====== Data ======

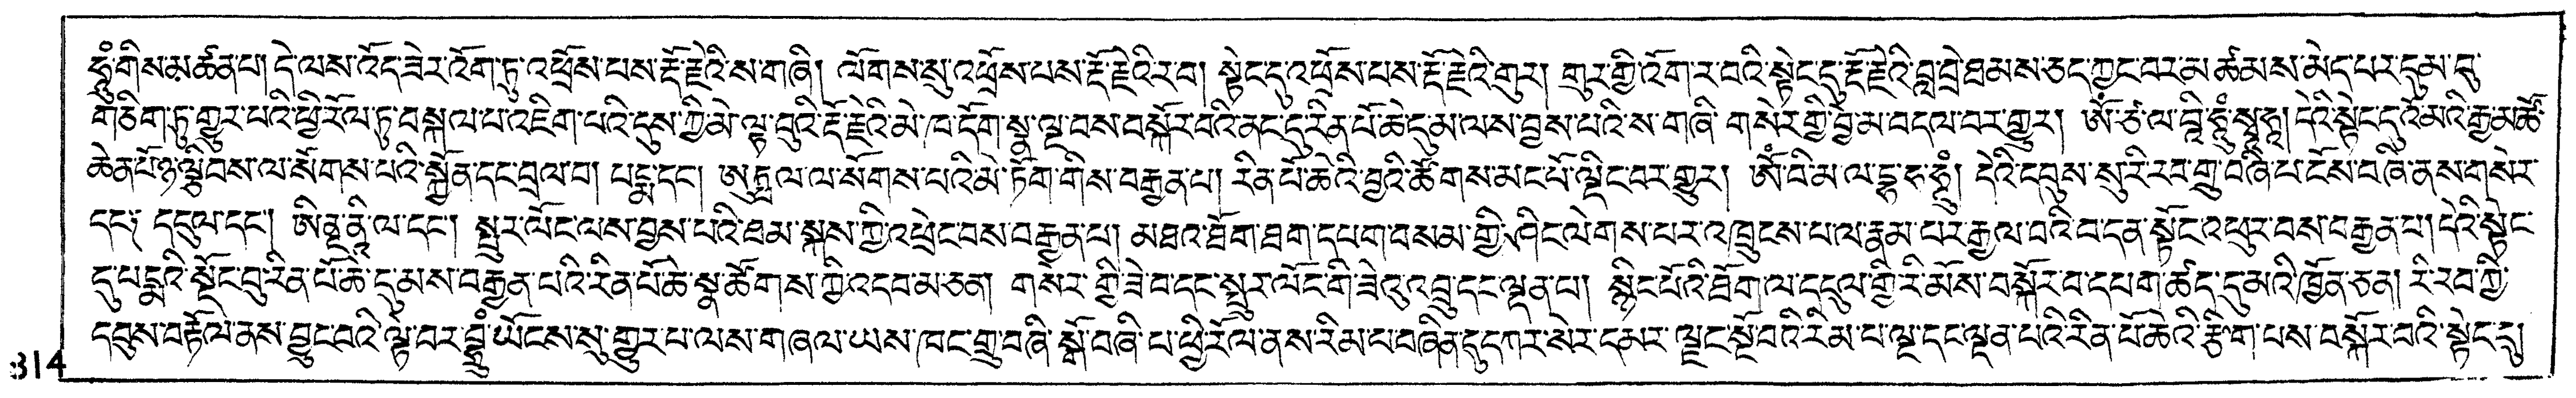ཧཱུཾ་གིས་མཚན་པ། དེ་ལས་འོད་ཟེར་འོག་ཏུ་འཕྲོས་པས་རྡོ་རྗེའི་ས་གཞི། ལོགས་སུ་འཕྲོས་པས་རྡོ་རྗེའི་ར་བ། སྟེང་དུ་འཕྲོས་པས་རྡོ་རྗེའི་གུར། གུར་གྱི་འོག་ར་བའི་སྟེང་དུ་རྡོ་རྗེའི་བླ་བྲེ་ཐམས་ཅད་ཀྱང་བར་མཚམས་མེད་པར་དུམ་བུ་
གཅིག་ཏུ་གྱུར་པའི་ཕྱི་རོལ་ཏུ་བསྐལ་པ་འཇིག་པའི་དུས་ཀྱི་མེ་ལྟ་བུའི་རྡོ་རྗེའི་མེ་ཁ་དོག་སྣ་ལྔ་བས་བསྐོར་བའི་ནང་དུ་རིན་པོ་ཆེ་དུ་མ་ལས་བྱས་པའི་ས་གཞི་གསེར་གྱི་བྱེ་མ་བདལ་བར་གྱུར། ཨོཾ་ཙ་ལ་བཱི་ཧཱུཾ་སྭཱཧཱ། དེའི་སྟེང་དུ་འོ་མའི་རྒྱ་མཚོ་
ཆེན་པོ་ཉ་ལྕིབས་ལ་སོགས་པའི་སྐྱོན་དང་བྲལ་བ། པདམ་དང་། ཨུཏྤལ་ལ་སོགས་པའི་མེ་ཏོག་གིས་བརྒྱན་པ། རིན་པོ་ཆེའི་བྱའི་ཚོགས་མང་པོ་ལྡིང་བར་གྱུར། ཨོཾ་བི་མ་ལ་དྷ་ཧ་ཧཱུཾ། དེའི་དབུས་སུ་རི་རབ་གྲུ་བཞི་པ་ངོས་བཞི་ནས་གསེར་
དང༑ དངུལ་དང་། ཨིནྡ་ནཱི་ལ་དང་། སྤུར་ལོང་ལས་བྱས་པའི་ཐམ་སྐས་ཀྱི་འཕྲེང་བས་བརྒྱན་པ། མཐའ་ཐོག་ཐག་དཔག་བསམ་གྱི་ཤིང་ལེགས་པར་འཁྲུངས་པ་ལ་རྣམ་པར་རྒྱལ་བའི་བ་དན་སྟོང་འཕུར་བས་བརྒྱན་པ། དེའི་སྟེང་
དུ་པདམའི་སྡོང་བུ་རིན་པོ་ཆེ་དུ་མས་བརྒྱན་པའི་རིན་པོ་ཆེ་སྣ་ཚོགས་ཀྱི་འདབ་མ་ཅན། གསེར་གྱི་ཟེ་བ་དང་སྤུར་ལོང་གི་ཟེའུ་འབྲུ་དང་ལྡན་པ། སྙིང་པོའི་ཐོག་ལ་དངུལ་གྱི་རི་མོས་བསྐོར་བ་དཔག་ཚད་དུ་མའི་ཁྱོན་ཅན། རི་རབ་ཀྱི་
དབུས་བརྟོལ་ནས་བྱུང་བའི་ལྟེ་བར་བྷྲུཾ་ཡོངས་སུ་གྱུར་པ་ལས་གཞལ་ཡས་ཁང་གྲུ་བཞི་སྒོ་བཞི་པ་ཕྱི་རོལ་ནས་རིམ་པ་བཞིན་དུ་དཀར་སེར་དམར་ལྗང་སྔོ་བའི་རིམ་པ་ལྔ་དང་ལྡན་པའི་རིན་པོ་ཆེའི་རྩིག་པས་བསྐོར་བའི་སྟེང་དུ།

======
====== Data ======

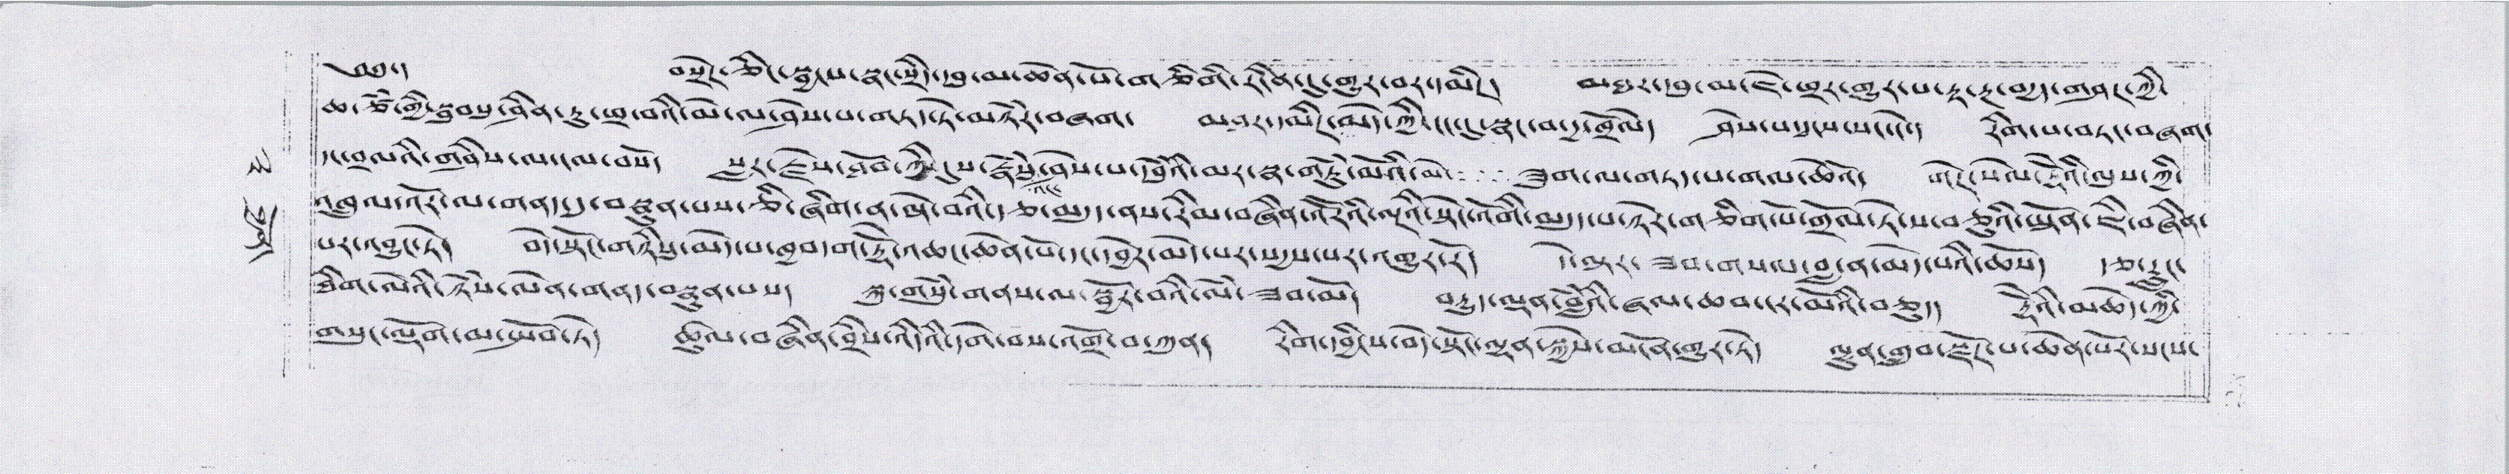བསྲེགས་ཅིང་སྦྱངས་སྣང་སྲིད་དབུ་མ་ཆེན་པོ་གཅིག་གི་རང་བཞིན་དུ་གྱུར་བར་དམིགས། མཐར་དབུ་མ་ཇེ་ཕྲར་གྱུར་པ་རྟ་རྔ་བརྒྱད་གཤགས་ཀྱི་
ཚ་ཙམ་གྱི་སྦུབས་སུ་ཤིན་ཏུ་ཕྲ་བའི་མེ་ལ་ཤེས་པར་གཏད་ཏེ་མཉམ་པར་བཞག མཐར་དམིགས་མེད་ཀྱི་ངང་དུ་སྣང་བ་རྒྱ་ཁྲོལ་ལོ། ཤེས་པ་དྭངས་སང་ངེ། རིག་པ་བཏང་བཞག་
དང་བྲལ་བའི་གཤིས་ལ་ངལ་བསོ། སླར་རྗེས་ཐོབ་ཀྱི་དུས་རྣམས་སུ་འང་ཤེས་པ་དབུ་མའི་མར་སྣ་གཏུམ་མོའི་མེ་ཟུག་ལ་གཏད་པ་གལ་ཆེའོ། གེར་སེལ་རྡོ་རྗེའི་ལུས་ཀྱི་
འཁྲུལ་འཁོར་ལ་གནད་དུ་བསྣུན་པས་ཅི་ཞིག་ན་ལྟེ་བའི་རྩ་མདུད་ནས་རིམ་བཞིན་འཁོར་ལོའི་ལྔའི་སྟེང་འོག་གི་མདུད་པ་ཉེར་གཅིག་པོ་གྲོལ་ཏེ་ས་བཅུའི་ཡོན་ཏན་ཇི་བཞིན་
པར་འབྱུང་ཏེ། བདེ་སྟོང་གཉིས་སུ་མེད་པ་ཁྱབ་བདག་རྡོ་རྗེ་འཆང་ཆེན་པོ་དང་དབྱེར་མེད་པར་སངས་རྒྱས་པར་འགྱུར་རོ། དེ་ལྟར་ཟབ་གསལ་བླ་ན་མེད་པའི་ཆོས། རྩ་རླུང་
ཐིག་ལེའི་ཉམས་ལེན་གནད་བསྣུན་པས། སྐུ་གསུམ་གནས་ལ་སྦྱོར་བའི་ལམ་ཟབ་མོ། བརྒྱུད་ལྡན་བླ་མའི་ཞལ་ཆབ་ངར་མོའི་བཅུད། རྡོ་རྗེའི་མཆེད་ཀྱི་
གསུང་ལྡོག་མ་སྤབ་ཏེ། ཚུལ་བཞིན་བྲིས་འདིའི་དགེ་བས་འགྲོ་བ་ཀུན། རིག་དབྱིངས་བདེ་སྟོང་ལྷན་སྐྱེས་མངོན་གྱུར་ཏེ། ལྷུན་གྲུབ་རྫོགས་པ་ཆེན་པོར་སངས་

======

**What is required**
Your copy should hold the lines from the one with "བསྲེགས་ཅིང་སྦྱ" up to and including the one with "འཁྲུལ་འཁོར་ལ་ག", exactly as in the data above, and no pictures.

**Answer for this exercise**
བསྲེགས་ཅིང་སྦྱངས་སྣང་སྲིད་དབུ་མ་ཆེན་པོ་གཅིག་གི་རང་བཞིན་དུ་གྱུར་བར་དམིགས། མཐར་དབུ་མ་ཇེ་ཕྲར་གྱུར་པ་རྟ་རྔ་བརྒྱད་གཤགས་ཀྱི་
ཚ་ཙམ་གྱི་སྦུབས་སུ་ཤིན་ཏུ་ཕྲ་བའི་མེ་ལ་ཤེས་པར་གཏད་ཏེ་མཉམ་པར་བཞག མཐར་དམིགས་མེད་ཀྱི་ངང་དུ་སྣང་བ་རྒྱ་ཁྲོལ་ལོ། ཤེས་པ་དྭངས་སང་ངེ། རིག་པ་བཏང་བཞག་
དང་བྲལ་བའི་གཤིས་ལ་ངལ་བསོ། སླར་རྗེས་ཐོབ་ཀྱི་དུས་རྣམས་སུ་འང་ཤེས་པ་དབུ་མའི་མར་སྣ་གཏུམ་མོའི་མེ་ཟུག་ལ་གཏད་པ་གལ་ཆེའོ། གེར་སེལ་རྡོ་རྗེའི་ལུས་ཀྱི་
འཁྲུལ་འཁོར་ལ་གནད་དུ་བསྣུན་པས་ཅི་ཞིག་ན་ལྟེ་བའི་རྩ་མདུད་ནས་རིམ་བཞིན་འཁོར་ལོའི་ལྔའི་སྟེང་འོག་གི་མདུད་པ་ཉེར་གཅིག་པོ་གྲོལ་ཏེ་ས་བཅུའི་ཡོན་ཏན་ཇི་བཞིན་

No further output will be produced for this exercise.